Henrique Fogaça foi o primeiro chef a assinar um molho De Cabrón.

Henrique Fogaça, que comanda o Sal Gastronomia e a versão brasileira do MasterChef, e Carlos Bertolazzi, do Zena Café e também apresentador de programas de gastronomia, assinam dois molhos De Cabrón. O de Fogaça mistura chipotle e maracujá, enquanto o de Bertolazzi, batizado de Jack’n’Cola, traz uísque e refrigerante Cola. O aval não é pouca coisa para uma empresa que tem apenas dois anos de mercado.

Hoje, a marca tem sete molhos à venda, sendo que um dos mais recentes é uma parceria com a lenda do rock Marky Ramone, que resultou no Blitzkrieg Hot Sauce, com bacon. Simples assim: “Ele acompanhou o surgimento do molho do Henrique (Fogaça), achou super bacana e quis o dele”, diz Léo. “Para nós, estrategicamente, é a porta para o mercado externo”.

Eles acabam de lançar uma novidade para este Natal: o sugestivo Molho Papai Noel Morreu, com picância desumana — um nível acima da insana. É um blend de malte uísque escocês, vinagre de milho envelhecido e pimenta fermentada buth jolokia, eleita em 2007 a mais “caliente” do mundo pelo Guiness. O preço segue a regra salgadinha de final de ano: R$ 40 a garrafinha e R$ 70 o kit.

O próximo molho a ser lançado, anuncia Léo, promete resolver aquela questãozinha da marca não ter sido bem aceita nas mesas de bares e restaurantes. Desta vez, porém, a inspiração será tailandesa, uma versão de sriracha, segundo Léo, um molho de polpa de pimenta pura fermentada – e não defumada – e com textura de ketchup. Será mais barato e em vidros maiores para agradar a todos.

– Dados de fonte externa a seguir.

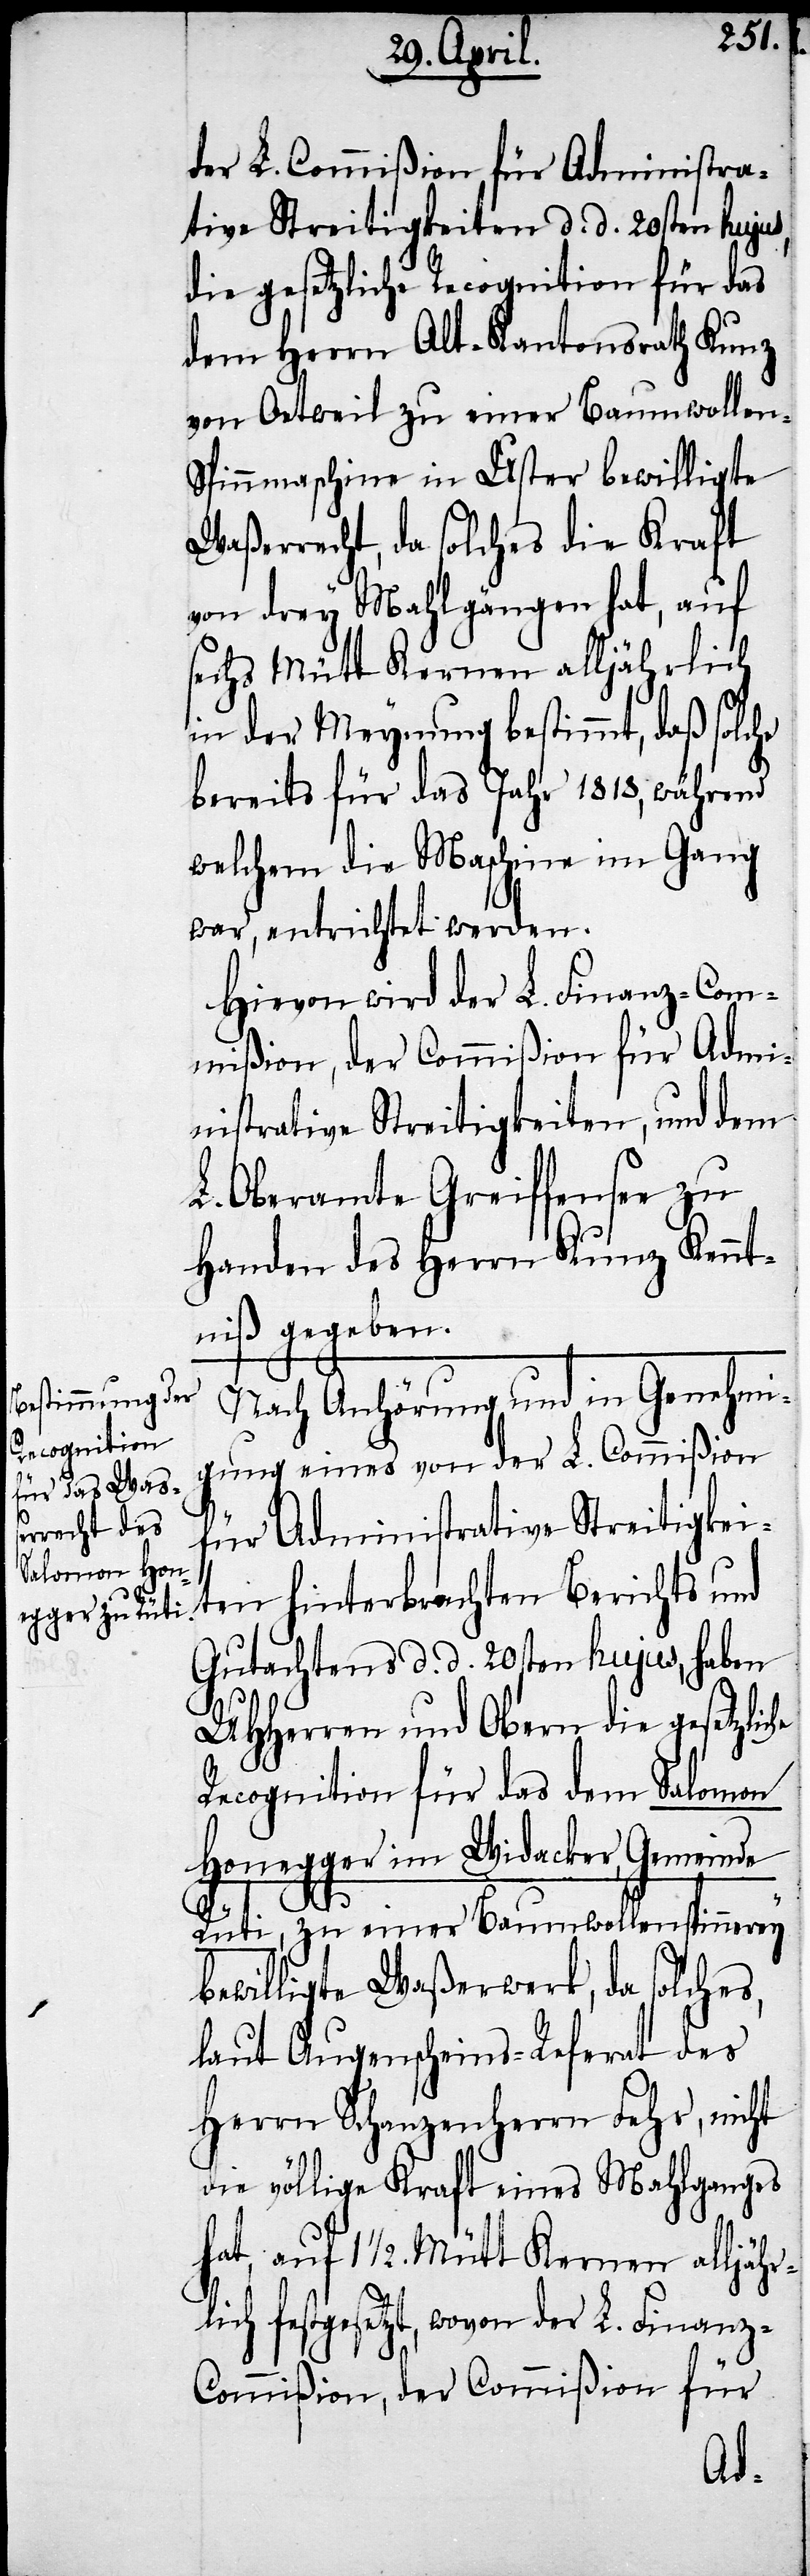
der L. Commißion für Administra¬
tive Streitigkeiten d. d. 20sten hujus
die gesetzliche Recognition für das
dem Herrn Alt-Kantonsrath Kunz
von Oetweil zu einer Baumwollen-S¬
pinnmaschine in Uster bewilligte
Waßerrecht, da solches die Kraft
von drey Mahlgängen hat, auf
sechs Mütt Kernen alljährlich
in der Meynung bestimmt, daß solche
bereits für das Jahr 1818, während
welchem die Maschine im Gang
war, entrichtet werden.
Hievon wird der L. Finanz-Com¬
mißion, der Commißion für Admi¬
nistrative Streitigkeiten, und dem
L. Oberamte Greiffensee zu
Handen des Herrn Kunz Kennt¬
niß gegeben.
Nach Anhörung und in Genehmi¬
gung eines von der L. Commißion
für Administrative Streitigkei¬
ten hinterbrachten Berichts und
Gutachtens d. d. 20sten hujus, haben
UHHerren und Obern die gesetzlic¬
Recognition für das dem Salomon
Honegger im Widacker, Gemeinde
he
Rüti, zu einer Baumwollenspinnerey
bewilligte Waßerwerk, da solches,
laut Augenscheins-Referat des
Herrn Schanzenherrn Fehr, nicht
die völlige Kraft eines Mahlganges
hat, auf 1 ½. Mütt Kernen alljähr¬
lich festgesetzt, wovon der L. Finanz-C¬
ommißion, der Commißion für
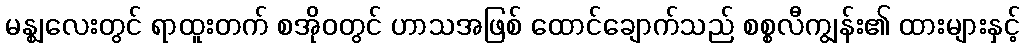
မန္ဈလေးတွင် ရာထူးတက် စအိုဝတွင် ဟာသအဖြစ် ထောင်ချောက်သည် စစ္စလီကျွန်း၏ ထားများနှင့်
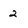
Character: 2
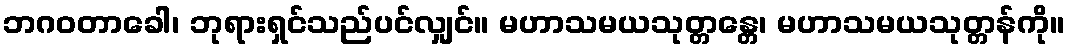
ဘဂဝတာခေါ၊ ဘုရားရှင်သည်ပင်လျှင်။ မဟာသမယသုတ္တန္တေ၊ မဟာသမယသုတ္တန်ကို။
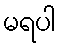
မရပါ
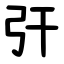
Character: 㢨
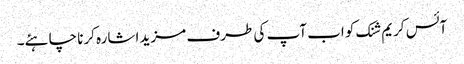
آئس کریم شنک کو اب آپ کی طرف مزید اشارہ کرنا چاہئے۔
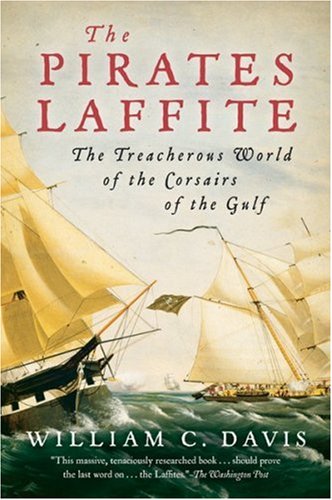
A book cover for The Pirates Laffite: The Treacherous World of the Corsairs of the Gulf; William C. Davis; Biographies & Memoirs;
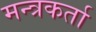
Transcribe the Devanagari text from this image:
मन्त्रकर्ता
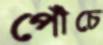
পোঁচে
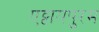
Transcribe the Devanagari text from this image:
एट्टायपुरम
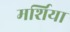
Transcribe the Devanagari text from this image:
मर्शिया
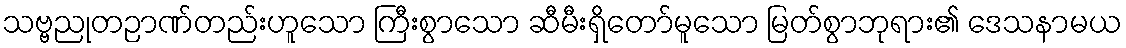
သဗ္ဗညုတဉာဏ်တည်းဟူသော ကြီးစွာသော ဆီမီးရှိတော်မူသော မြတ်စွာဘုရား၏ ဒေသနာမယ
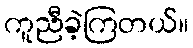
ကူညီခဲ့ကြတယ်။
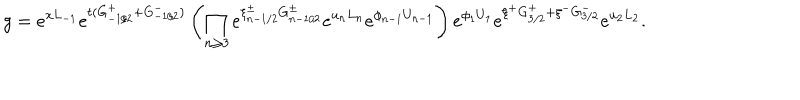
g = e ^ { x L _ { - 1 } } e ^ { t ( G _ { - 1 / 2 } ^ { + } + G _ { - 1 / 2 } ^ { - } ) } \left( \prod _ { n \geq 3 } e ^ { \xi _ { n - 1 / 2 } ^ { \pm } G _ { n - 1 / 2 } ^ { \pm } } e ^ { u _ { n } L _ { n } } e ^ { \phi _ { n - 1 } U _ { n - 1 } } \right) e ^ { \phi _ { 1 } U _ { 1 } } e ^ { \xi ^ { + } G _ { 3 / 2 } ^ { + } + \xi ^ { - } G _ { 3 / 2 } ^ { - } } e ^ { u _ { 2 } L _ { 2 } } .
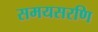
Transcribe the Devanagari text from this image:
समयसरणि
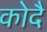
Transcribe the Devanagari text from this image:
कोदै
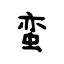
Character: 蛮
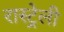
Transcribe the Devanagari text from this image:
रास्ट्रेली
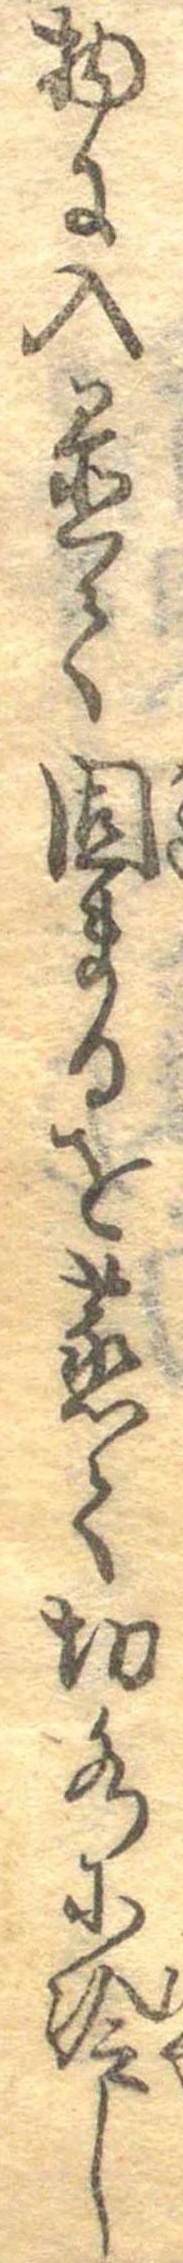
物に入置て固まるを蒸て切水に冷し
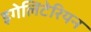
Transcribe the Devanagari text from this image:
इगेलिटेरियन
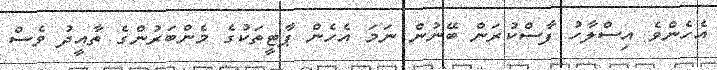
އެހެންވެ އިސްލާހު ފާސްކުރަން ބޭނުން ނަމަ އެހެން ޕާޓީތަކުގެ މެންބަރުންގެ ތާއީދު ވެސް

Falando em vidro, e em novidades que não param de surgir quando se conversa com este empreendedor, outra empreitada em desenvolvimento pela De Cabrón é uma parceria com fabricantes de embalagem, para que os vidros dos molhos sejam personalizados. Eles não querem usar o padrão, que é fácil de encontrar no mercado. Querem um só para a De Cabrón. Afinal, pimenta nos olhos deles é ouro.